Wage Rules:
Pain for No Gain

Australian Financial Review
15th March 2005


by Des Moore

Des Moore argues that the minimum wage simply keeps unskilled and low productivity workers out of a job

At first glance the ABS survey published on 11 March of persons not in the labour force in September last year has no implications for policies on workplace relations reform. After all, if these people are not in the labour force it seems they are not job seekers.

But the survey provides a stark reminder of the scope for removing oppressive regulatory conditions the Australian Industrial Relations Commission imposes on businesses when they are making employment decisions. The extraordinarily high minimum wage it determines is particularly pertinent.

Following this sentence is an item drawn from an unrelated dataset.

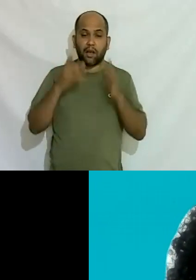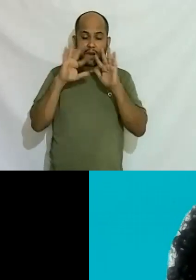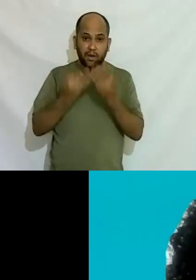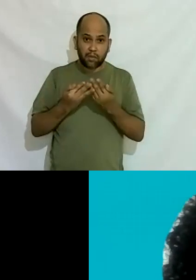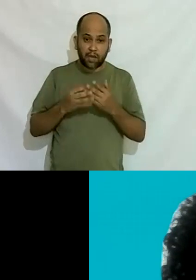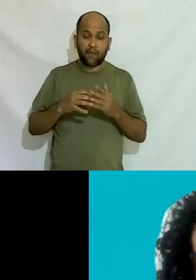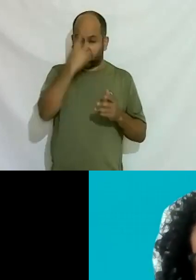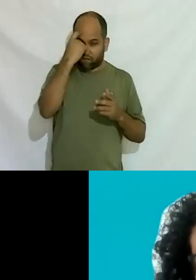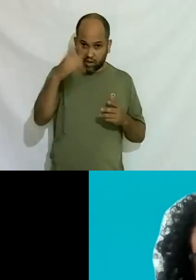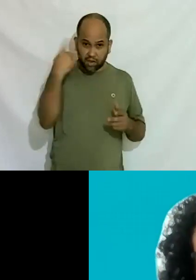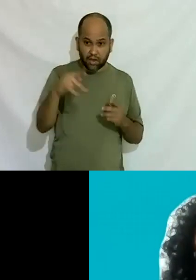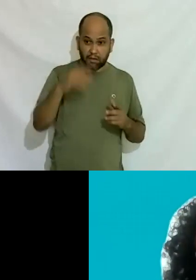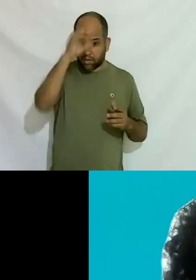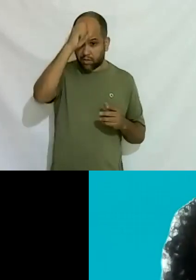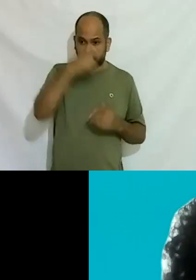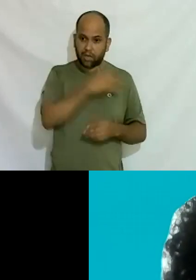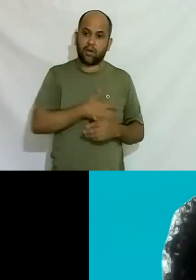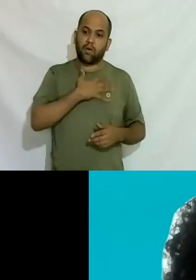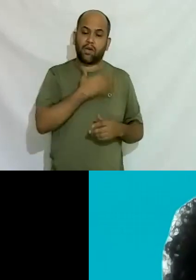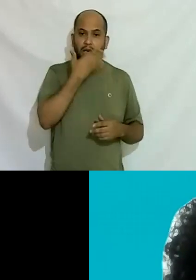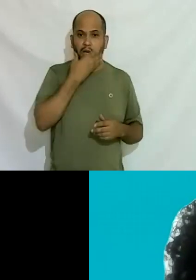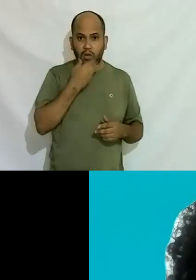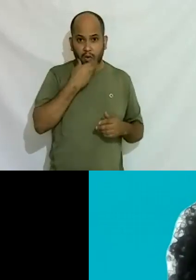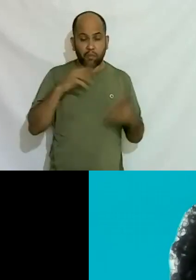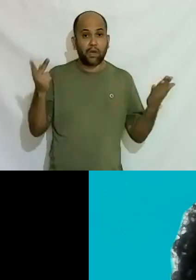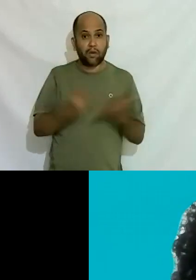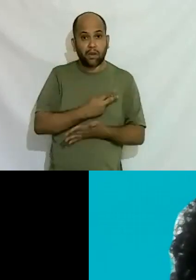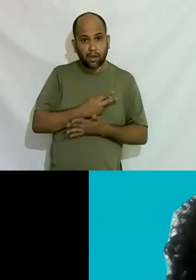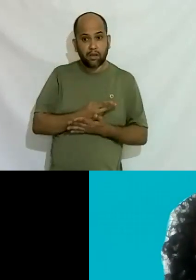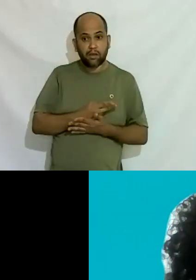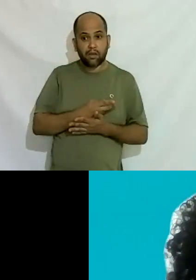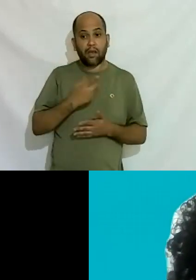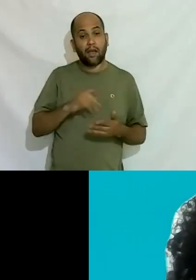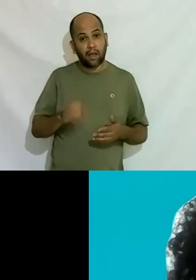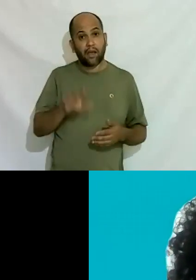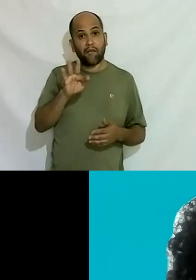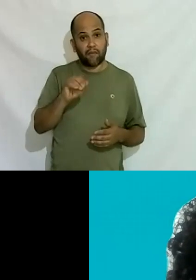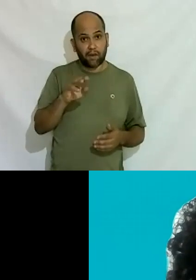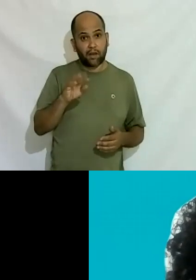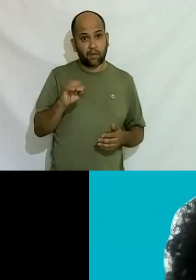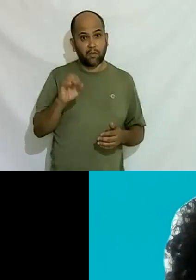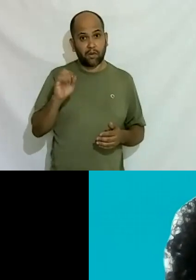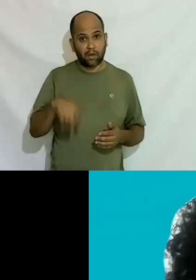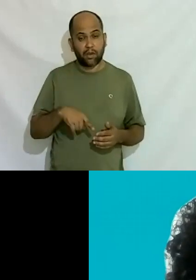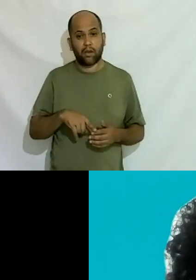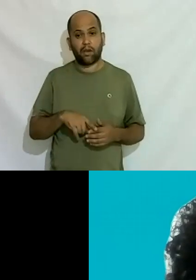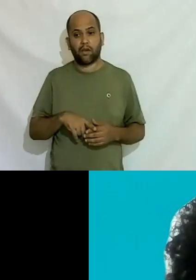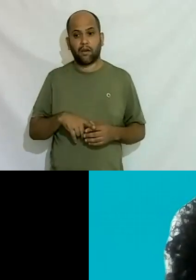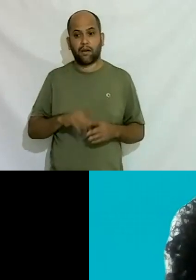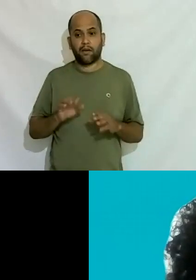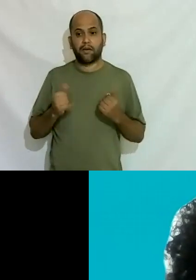homem isso é uma loucura isso acontece isso é fato não tô inventando aqui né então
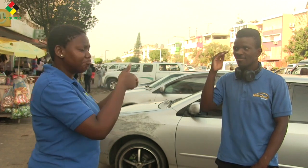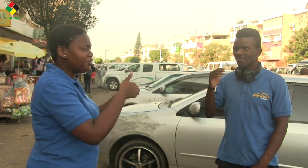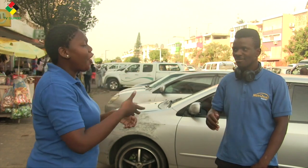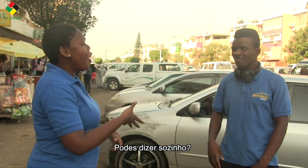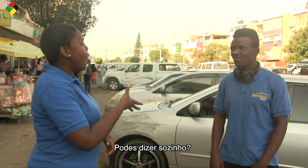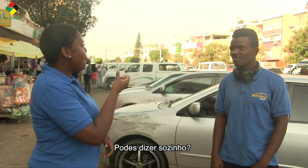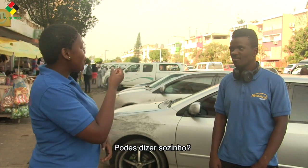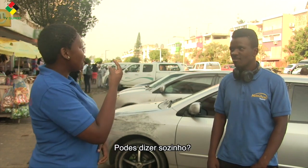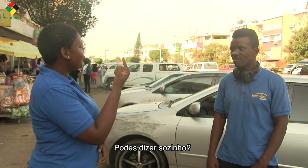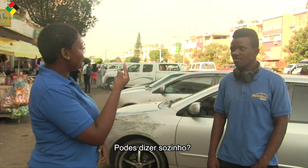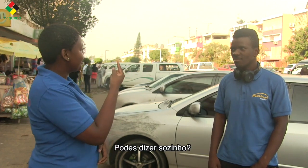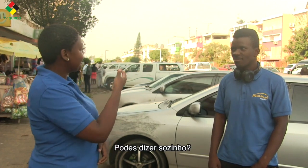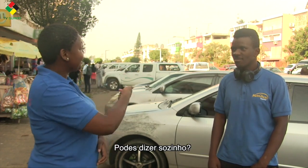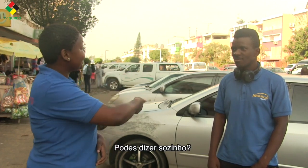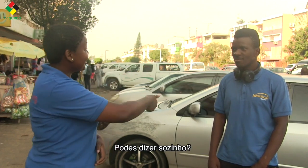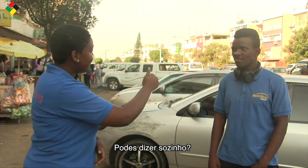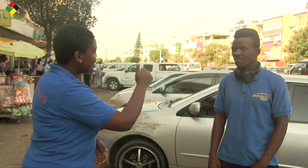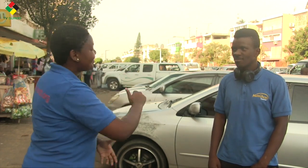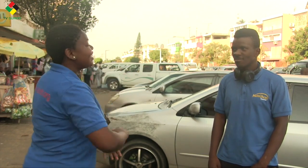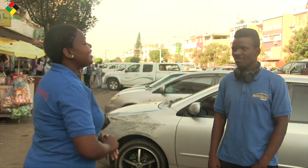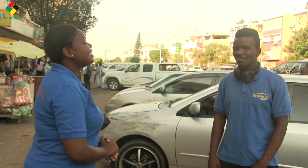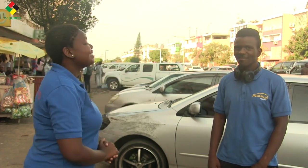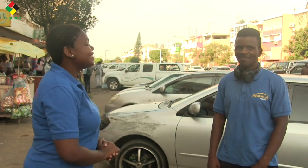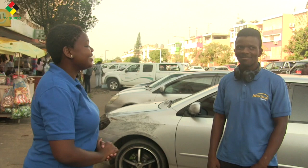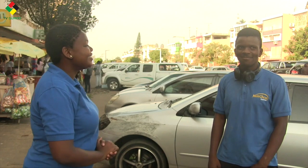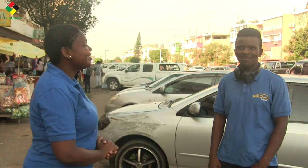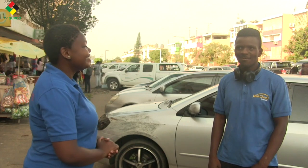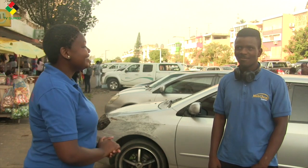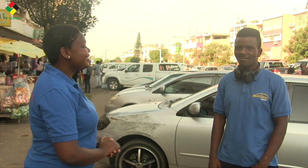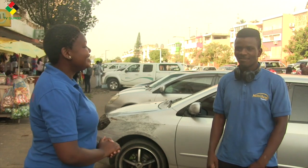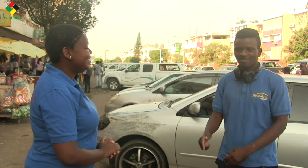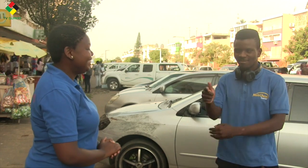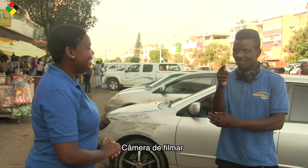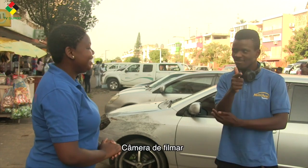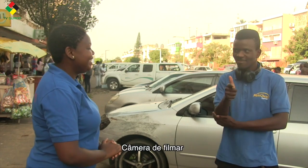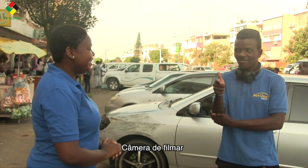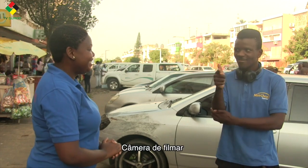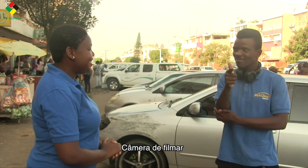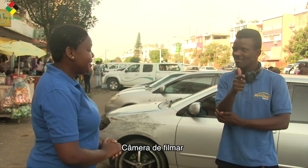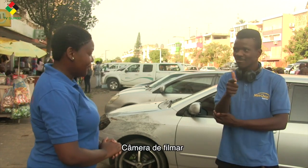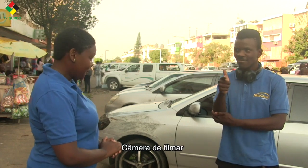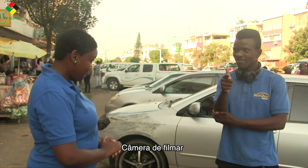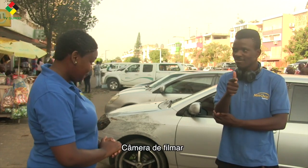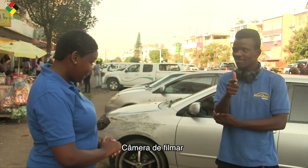Pode dizer Sozinho? Câmera de Filmar.

A closer look at the survey reveals that 790,000 said they would be available to start work within four weeks. Why, then, are they not counted as part of the labour force and as unemployed? The short answer is that only 562,000 were then included as unemployed (or 5.5 percent) because only they said they were actively looking for work and available to start within a week. While this is the internationally accepted criterion for determining who is unemployed, there is no escaping the fact that 1.35 million were then available to start work, constituting about 13 percent of the workforce.

As a high proportion of the 13 percent would be either unskilled or have relatively low productivity, the demand for such workers is particularly sensitive to the lowest wage employers are able to offer. But Australia's minimum is currently set by the Australian Industrial Relations Commission at a rate ($12 an hour) that almost seems calculated to do most to deter employment. At 58 percent of the median wage it is the second highest amongst OECD countries and 75 percent higher than in countries such as Spain, Japan and the USA.

Although our minimum is but one of Australia's oppressive labour regulations, this situation provides a strong economic case for reform to allow employers to offer a much lower wage.

Some commentators argue that, if that were to happen, those currently on the minimum will either lose their job or experience a reduction in wages and hence in living standards. However, unless those presently employed on the minimum have an inadequate productivity performance, their wages and/or jobs should not be adversely affected. Moreover, although the minimum award by the AIRC covers about 1.5 million employees, official estimates suggest only about 150,000 are actually on the minimum itself. Accordingly, if there was no minimum or one closer to more sensible OECD countries, there is little if any potential for wages of existing employees to fall below the current rate.

The main outcome of a lower minimum would not be job replacement but additions to employment at wages lower than the current $12 per hour. The resultant job training would, in turn, provide considerable potential for higher wages down the track. Subsequent claims that "new" employees had "forced" wages down could scarcely engender a sympathetic response given that the previous minimum had obviously kept workers out of a job.

Indeed, the social case for having no minimum wage is strong. It is obviously grossly unfair to have a regulation that inhibits or prevents the legal employment of many at the bottom of the social spectrum. [The extent of the unfairness is illustrated by the fact that no wage can legally be paid between the minimum of around $24,000 a year and the unemployment benefit of about $10,000 (for a single adult) - excl by Ed].

Nor do current arrangements offer social fairness when they help the more than half of low wage earners who are in the top half of household incomes and who now receive a minimum wage. [Moreover, as wages provide only a very small proportion of low income households' incomes, the abolition or major reduction of the minimum wage could not be seen as taking away any important component of the social security safety net - excl by Ed].

That the existing regulatory arrangements are grossly unfair can be seen from the protection they provide to the insiders with jobs while excluding from employment those at the bottom end who are unable to penetrate the regulatory constraints. The existence of over 1 million jobless couples, many with children, highlights the problem and the need to introduce reforms (in both workplace relations and social welfare policy) likely to reduce it.

The living standards of lower productivity workers should be "protected", but not through minimum wage regulation. Instead, workplace relations reform should maximise their opportunities for employment or, failing that, the social security system should fulfil its function. The charade that industrial tribunals assist those on low incomes should be exposed for the sham it is. They display no capacity to take account of the widely different needs of individuals on such incomes, including the 1.35 million job seekers.